Not to jump too far back, but I've been writing since before I could spell. At 6, I shut myself into a walk-in closet with a little waitress notebook I swiped off my mom and I rewrote fairytales. My most memorable one was the Three Little Wolves and the Big Bag Pig, and ultimately it was almost the same but shorter, because the little wolves ran and told their mom on the big bag pig. That was the end of the story. It was a homage to my single mom and the belief I had that she was all-powerful. Of course back then I simply questioned why the little pigs didn't tell their mom on the wolf, and so I rewrote it to make more sense to my 6 year old brain, but I like to think of it as more than that.


At seven, I wrote a thank-you letter to a family member and signed it, "Your Friend, Maddi. The Writer." He keeps it framed in his house, and I walk past it every time I go over, even now, 16 years later.


Before the first grade, before being introduced to writing in any real way, I knew what I wanted to do for the rest of my life. And surprisingly, that's never changed.


At 12, I joined an online community. Since then, I've written over 21 complete stories, with between 68,000-300,000+ words each. Two of them will hopefully become published novels.


At 18, my brother Jorden, a tattoo artist, gave me a birthday present in the form of a quill-pen tattoo that he designed. At 21, I added "Create" to my other forearm.


I double-majored in English and journalism, and excelled at and loved both. My freshman year of college, I became a writing tutor and stayed there for the next four years. I wrote for the college newspaper. I published poetry in the campus literary maganize. I headed NIU's chapter of Sigma Tau Delta, and organized a 7-person trip to the national English convention across the country.
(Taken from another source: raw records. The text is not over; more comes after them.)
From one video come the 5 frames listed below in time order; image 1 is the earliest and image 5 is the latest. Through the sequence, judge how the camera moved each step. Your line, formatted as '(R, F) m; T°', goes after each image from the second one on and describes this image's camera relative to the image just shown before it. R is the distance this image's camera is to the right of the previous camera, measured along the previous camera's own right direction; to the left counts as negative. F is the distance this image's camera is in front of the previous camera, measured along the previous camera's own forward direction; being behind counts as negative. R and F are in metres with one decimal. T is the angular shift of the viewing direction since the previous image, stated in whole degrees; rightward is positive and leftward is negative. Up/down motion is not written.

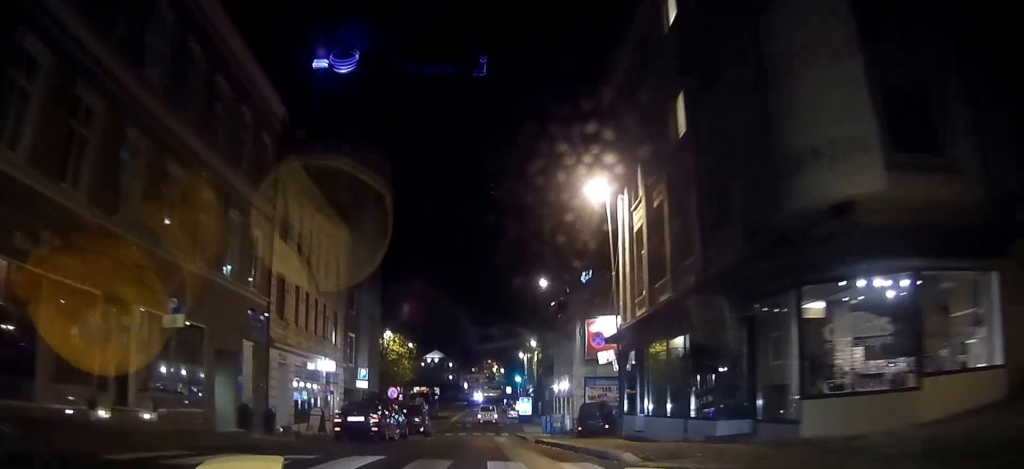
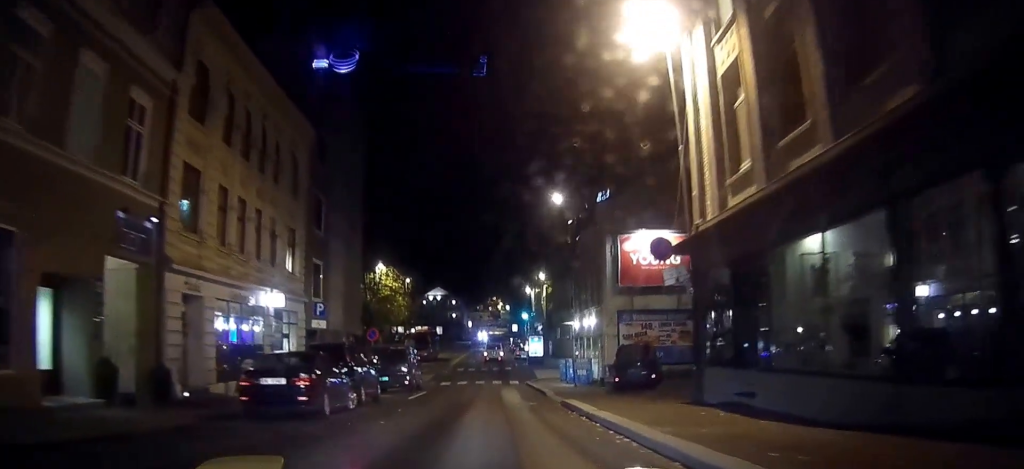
(0.0, +10.3) m; +2°
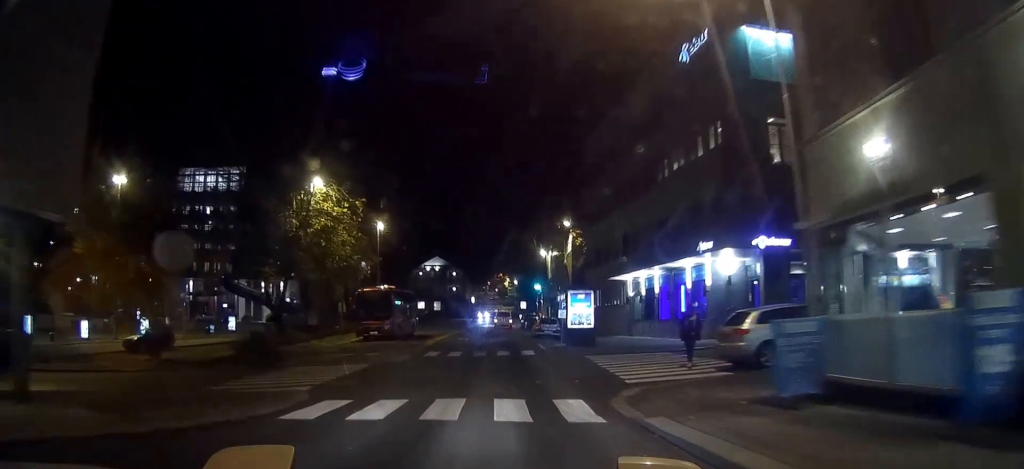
(-2.1, +35.8) m; -6°
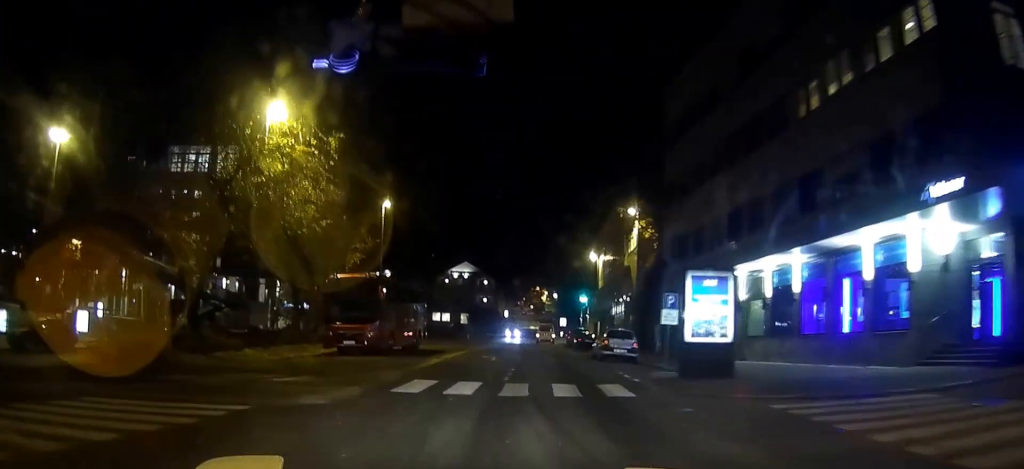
(0.0, +15.8) m; 0°
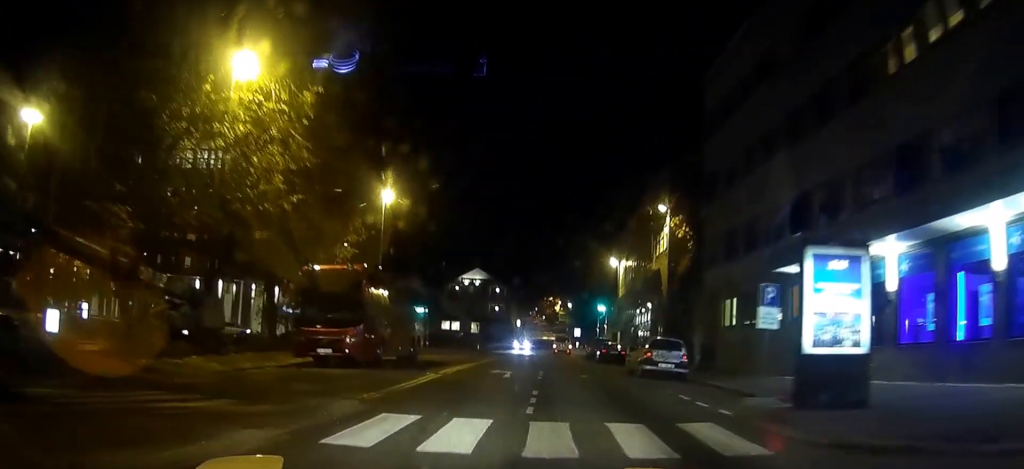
(0.0, +6.8) m; 0°

As a graduate student, I'm teaching writing as part of First-Year Composition and one of my previous journalism professors asked me to help him with a book he's writing.


So I guess, it's not an exaggeration to say that writing is my life. And while I'm good at academic writing and I enjoy teaching, my passion is books. Novels. So coming into Rhetoric of Prose, I hoped to find actual prose and to be able to discuss what choices influenced the conception of it.


I'm interested in what influences novels. I'm interested in movements like #OwnVoices, which advocates multicultural characters in YA that are written by multicultural authors. It's a pushback against the white-washing of characters and authors. It claims both that young readers should see themselves in the characters they're reading, but also that authors of all backgrounds should be represented on the best seller's list.


I'm interested in the belief in the Bechdel Test, and the current push for women characters that aren't simply created to move the plot along for male characters. I'm interested in creating a writing community that values all people and all types of writers.


I'm interested in the notion that genre fiction and fanfiction are valid forms of writing; that literature isn't the end all be all for the world of books.


I guess I'm interested in learning if these type of things have a place under the umbrella of "Rhetoric and Composition." I'm interested in reading the works of authors who also care about these things. I'm interested in adding my voice to the conversation. In adding value to the conversation. This is my passion - it's gotten me through my education - and I hope it will materialize in Rhetoric and Composition.


I guess my goal now is to discover all of this within Rhet/Comp.